Task prompt:
In the entries below, go to the line containing "Tuvimos un descenso" and repeat it along with every later line, exactly.

(Beginning of Dataset extract)

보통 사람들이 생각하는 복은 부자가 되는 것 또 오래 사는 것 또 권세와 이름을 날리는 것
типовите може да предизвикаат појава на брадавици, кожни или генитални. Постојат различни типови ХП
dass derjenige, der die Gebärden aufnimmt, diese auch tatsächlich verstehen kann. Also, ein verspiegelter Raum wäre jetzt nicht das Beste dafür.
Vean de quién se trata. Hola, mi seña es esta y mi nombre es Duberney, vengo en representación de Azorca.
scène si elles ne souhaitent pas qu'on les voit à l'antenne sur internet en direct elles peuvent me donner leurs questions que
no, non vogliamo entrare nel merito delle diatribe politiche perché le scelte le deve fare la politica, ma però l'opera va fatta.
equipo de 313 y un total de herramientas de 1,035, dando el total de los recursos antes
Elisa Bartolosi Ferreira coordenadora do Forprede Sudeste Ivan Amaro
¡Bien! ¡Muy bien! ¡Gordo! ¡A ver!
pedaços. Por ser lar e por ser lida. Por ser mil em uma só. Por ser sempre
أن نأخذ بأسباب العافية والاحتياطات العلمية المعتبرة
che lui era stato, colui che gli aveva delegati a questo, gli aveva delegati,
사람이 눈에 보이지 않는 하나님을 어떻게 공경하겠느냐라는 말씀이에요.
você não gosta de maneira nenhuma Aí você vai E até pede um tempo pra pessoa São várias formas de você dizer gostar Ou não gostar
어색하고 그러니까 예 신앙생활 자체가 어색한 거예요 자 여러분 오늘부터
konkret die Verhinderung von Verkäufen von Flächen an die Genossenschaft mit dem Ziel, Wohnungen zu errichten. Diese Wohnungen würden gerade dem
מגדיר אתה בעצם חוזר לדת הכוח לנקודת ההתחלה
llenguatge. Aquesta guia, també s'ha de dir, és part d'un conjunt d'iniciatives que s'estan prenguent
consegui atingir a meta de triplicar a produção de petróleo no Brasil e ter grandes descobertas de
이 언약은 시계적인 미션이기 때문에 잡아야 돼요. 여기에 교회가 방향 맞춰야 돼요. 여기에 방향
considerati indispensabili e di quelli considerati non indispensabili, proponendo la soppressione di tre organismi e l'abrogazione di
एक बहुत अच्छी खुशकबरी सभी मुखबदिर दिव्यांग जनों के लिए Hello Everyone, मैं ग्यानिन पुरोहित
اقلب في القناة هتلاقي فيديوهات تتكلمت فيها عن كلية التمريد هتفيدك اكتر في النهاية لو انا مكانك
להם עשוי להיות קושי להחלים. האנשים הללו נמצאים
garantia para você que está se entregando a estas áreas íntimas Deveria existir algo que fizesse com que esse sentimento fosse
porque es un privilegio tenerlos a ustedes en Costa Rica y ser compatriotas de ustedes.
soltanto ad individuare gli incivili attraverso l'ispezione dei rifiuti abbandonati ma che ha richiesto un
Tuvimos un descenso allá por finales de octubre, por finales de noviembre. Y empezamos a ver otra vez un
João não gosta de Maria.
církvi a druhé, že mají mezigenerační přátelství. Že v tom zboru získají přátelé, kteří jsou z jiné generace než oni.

(End of Dataset extract)

Result:
Tuvimos un descenso allá por finales de octubre, por finales de noviembre. Y empezamos a ver otra vez un
João não gosta de Maria.
církvi a druhé, že mají mezigenerační přátelství. Že v tom zboru získají přátelé, kteří jsou z jiné generace než oni.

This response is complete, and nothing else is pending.